Behind the old church where the Blvd. St. Germaine meets Rue de Rennes, is a tiny park where you can relax, called the Rue de l’Abbaye—a respite from the bustle all around it. But also at that intersection is the famous Café Les Deux Magots where Hemingway, Picasso and other artists and intellectuals used to hang out. It’s so much fun to sip an espresso there and people-watch.
One evening Michael, Eileen, and I took a walk. At the corner, in front of the church and across from the café, we heard a street band playing. They were called “The Lost Wandering Blues and Jazz Band,” composed mostly of American musicians. But we were most intriqued by their vocalist, a seventeen year old young woman from New York and California who sounded like Billie Holiday.
She had been living in Paris since she moved there at age 16 with her mom. Madeleine Peyroux is now a jazz star who performs around the world, but we think of her standing on the sidewalk with a floppy hat on, charming the crowd.
Below is the Café Deux Magots which dates back to 1875—just a few years younger than Ocean Grove.
And below that is Madeleine Peyroux singing in French. The song is “J’ai Deux Amours” (I have two loves). It is from her album “Careless Love.” That’s a good song for an album with that name.

Cafe Deux Magots. Paris. 1991. By Paul Goldfinger
Presenting Madeleine Peyroux: * I just found a photo which I took that evening in 1991 across the street from Deux Maggots and on the corner of the church. For years I wondered why I didn’t photograph her.

The teen age Madeleine Peyroux singing with an American band in Paris. Paul Goldfinger photo ©. Copywrite. 1991.
Ahh. There is nothing like Paris in the summer. I actually proposed to my wife in Paris over 20 years ago. If you haven’t been there, you must try to make it there.
Love all the blogs
Especially the cafe in Paris reminiscence.
Loved being there! When we were
there we met a French couple that invited us to their apt and out to dinner
That was a long time ago!
The world was different then!
Hugs to all
Bev
Here’s one of my Paris stories.
My grandmother was an excellent country-style cook. During the Depression she had run her own small restaurant in the little Texas prairie town where our family lived. The dish of hers that I loved best was roast beef with some kind of luscious sauce. She served it often on special occasions.
That was in the 40s and 50s. Flash forward to the 1980s. I’m in Paris, I’m in a little French restaurant for lunch, and I order a beef stew dish, not really knowing what I’m in for.
To my incredible surprise, what arrived at my table was my grandmother’s roast beef! The taste and texture were exactly the same.
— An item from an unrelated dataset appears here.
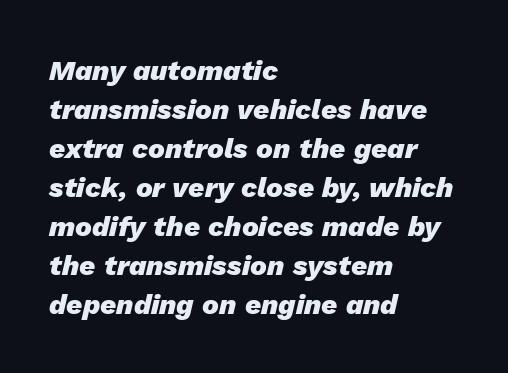
The image shows 28 px heavy type, italic (leaning right); set left-aligned, normal line spacing (1.39x), normal letter spacing, not underlined; low stroke contrast and a medium x-height.

I hadn’t eaten it for decades, but — voila! — I recognized it immediately.
I have no idea how my grandmother’s roast beef found its way to that Paris restaurant. She was born on a family farm of parents who were of German extraction. Did those people keep alive some old European recipe that eventually found its way to that Paris restaurant? Did my grandmother, some time in the dim past, copy her roast beef dish out of some American magazine that had gotten it from a source in France? I’ll never know.
Ahhh..Springtime in Paris. I was really lucky to be sent by Bambergers to Paris to buy at the Pret-a-Porter (ready to wear) fashion shows. We stayed at the small Hotel Lenox (no elevator, small bar, smaller rooms) on Rue D’Universite and were told we had to have drinks at your Cafe Deux Magots to see all sorts of famous people. By the second round it became apparent there were just a lot of American tourists looking at each other (the US$ was very strong in the early 80s; even Hermes silk scarves were affordable). “Those were the days my friends”…or so the song goes.